Functional Status Is Associated With Prefrontal Cortex Activation in Gait in Subacute Stroke Patients: A Functional Near-Infrared Spectroscopy Study

Increasing cerebral oxygenation, more precisely the overactivation of the prefrontal cortex (PFC), reflects cortical control of gait in stroke disease. Studies about the relationship between brain activation and the functional status in stroke patients remain scarce. The aim of this study was to compare brain activation, gait parameters, and cognitive performances in single and dual tasks according to the functional status in subacute stroke patients. Twenty-one subacute stroke patients were divided in two groups according to Barthel Index (“low Barthel” and “high Barthel”) and randomly performed ordered walking, cognitive task (n-back task), and dual tasks (walking + n-back task). We assessed gait performances (speed, variability) using an electronic walkway system and cerebral oxygenation (ΔO₂Hb) by functional near-infrared spectroscopy. Patients with better functional status (high Barthel) showed a lower PFC activation (ΔO₂Hb) and better gait parameters in single and dual tasks compared to low-Barthel patients, who exhibited decreased gait performances despite a higher PFC activation, especially in the unaffected side (P < 0.001). PFC overactivation in less functional subacute stroke patients may be due to the loss of stepping automaticity. Our results underline the interest of proposing rehabilitation programs focused on walking, especially for patients with low functional capacity.

Introduction

Stroke is associated with gait disorders, mainly characterized by a decreased gait speed (1) and a greater variability (2). Walking is further affected by challenging conditions such as simultaneous cognitive and motor tasks [e.g., dual task (DT)] (3). In stroke patients, this increased cognitive demand of walking during DT was underlined by the key role of the prefrontal cortex (PFC) (4), whose activation can be assessed by functional near-infrared spectroscopy (fNIRS) (5). Studies using fNIRS reported a greater brain activity in the PFC during DT than in single task (ST) in chronic stroke patients, implying that executive functions were primary involved in this overactivation (6, 7). Recently, we observed no difference of oxygenated hemoglobin levels (ΔO₂Hb) between motor ST and DT in subacute stroke patients (8), highlighting a ceiling effect on brain activity observed in DT and thus the loss of stepping automaticity in these patients.
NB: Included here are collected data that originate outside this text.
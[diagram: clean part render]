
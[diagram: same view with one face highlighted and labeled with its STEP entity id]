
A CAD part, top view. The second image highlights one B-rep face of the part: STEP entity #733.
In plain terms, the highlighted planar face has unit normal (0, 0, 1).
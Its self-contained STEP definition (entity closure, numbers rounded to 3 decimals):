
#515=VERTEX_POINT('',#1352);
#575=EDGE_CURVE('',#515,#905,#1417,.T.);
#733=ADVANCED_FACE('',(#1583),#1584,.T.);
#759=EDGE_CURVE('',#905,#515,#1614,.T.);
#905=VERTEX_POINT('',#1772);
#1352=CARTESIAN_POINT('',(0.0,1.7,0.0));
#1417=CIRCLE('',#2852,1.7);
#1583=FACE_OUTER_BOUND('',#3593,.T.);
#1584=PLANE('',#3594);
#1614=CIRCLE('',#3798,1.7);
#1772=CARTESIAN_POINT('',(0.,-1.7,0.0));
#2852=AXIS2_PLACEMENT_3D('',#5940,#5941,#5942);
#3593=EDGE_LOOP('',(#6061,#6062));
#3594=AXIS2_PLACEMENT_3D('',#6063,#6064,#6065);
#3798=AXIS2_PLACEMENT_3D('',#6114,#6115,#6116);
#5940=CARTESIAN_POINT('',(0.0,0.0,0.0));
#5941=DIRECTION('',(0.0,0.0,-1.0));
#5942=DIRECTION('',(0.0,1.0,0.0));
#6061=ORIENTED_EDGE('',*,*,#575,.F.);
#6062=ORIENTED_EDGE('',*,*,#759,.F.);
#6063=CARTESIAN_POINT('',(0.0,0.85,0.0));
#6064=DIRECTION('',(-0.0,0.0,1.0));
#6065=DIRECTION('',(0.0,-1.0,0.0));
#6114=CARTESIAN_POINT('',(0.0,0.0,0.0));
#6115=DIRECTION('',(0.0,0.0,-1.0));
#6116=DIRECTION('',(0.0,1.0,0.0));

Other recent findings suggest that people with poorer mobility such as elders or neurological patients exhibits a higher PFC activation than control groups during walking, reflecting a higher cognitive demand (7, 9). In stroke, lower mobility was associated with a higher (and saturated) recruitment of the PFC in walking tasks (7, 10). Hence, the challenge for upcoming studies investigating brain activation during walking in stroke patients relies on a better understanding of the relationship between the cortical control of gait and functional independence.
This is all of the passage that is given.